臨床検体解析:治療歴のないNSCLC患者38例の外科切除標本 (XQコホート) を用いて、SLC2A1とCD8Aの二重免疫組織化学 (IHC) 染色を実施した。全組織切片を1 mm²のグリッドに分割し、定量的な空間相関解析を行った。また、TJコホート1 (治療歴のない切除NSCLC、n=110 patients) およびTJコホート2 (治療歴のない生検NSCLC、n=127 patients) の組織マイクロアレイを用いて、SLC2A1、CD68、CD8AのmIF (multiplex immunofluorescence / 多重免疫蛍光) 染色を実施した。

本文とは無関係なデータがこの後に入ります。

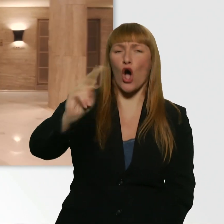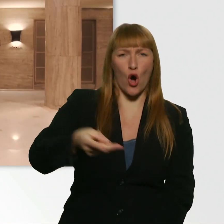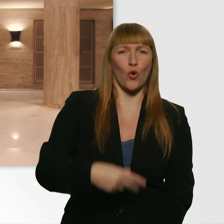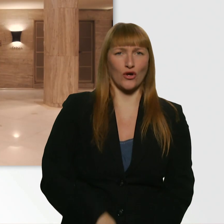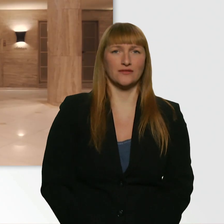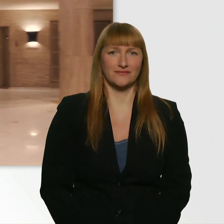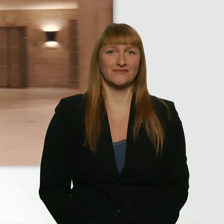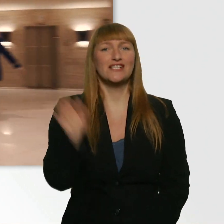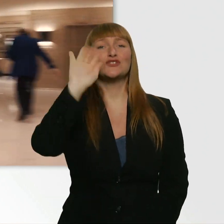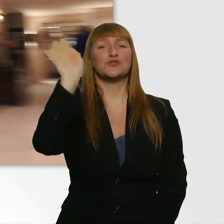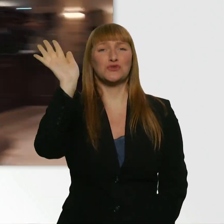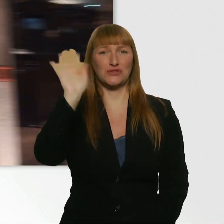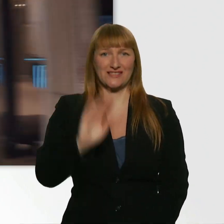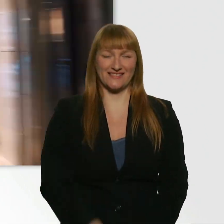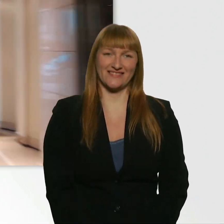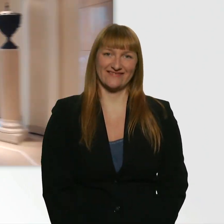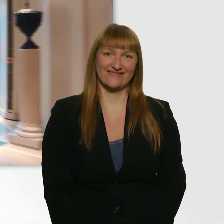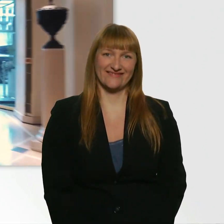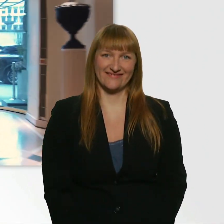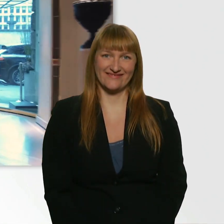(Kübra) Tschüs. (Kübra) So, Leute.

動物実験および細胞株:マウス肺がん細胞株であるLLC (Lewis lung carcinoma) およびTC-1、メラノーマ細胞株B16-F10、大腸がん細胞株MC38を使用した。6〜8週齢の野生型C57BL/6Jマウス、BALB/c-nudeマウス、およびマクロファージ特異的Slc2a1欠損マウス (Slc2a1^fl/fl Lyz2^cre、以下Slc2a1^cKO、Lyz2: lysozyme 2) を用いて担腫瘍モデルを作製した。薬理学的介入として、選択的SLC2A1阻害薬であるBAY-876 (3 mg/kg/day) を経口投与し、抗PD-L1抗体 (200 μg/mouse) との併用効果を検証した。CD8陽性T細胞、CD4陽性T細胞、およびマクロファージの除去には、それぞれ抗CD8抗体、抗CD4抗体、抗CSF1R抗体を使用した。
細胞機能解析およびRNA-seq:腫瘍組織から単一細胞懸濁液を調製し、2-NBDG (2-(N-(7-nitrobenz-2-oxa-1,3-diazol-4-yl) amino)-2-deoxyglucose) を用いてグルコース取り込み能をフローサイトメトリーで評価した。FACS (fluorescence-activated cell sorting / 蛍光活性化細胞選別) により単離したTAMのバルクRNA-seqを実施し、STAR (v.2.7.10a) およびFeatureCounts (v.2.0.1) で解析した。T細胞の遊走能はTranswellアッセイで、増殖・アポトーシスは共培養系においてKi-67および活性型Caspase-3の染色により評価した。
統計解析:データの比較には、2群間の比較にunpaired Student’s t-testまたはMann-Whitney U-testを用い、生存分析にはKaplan-Meier法およびlog-rankテスト、多変量解析にはCox regression (コックス比例ハザード回帰) モデルを使用した。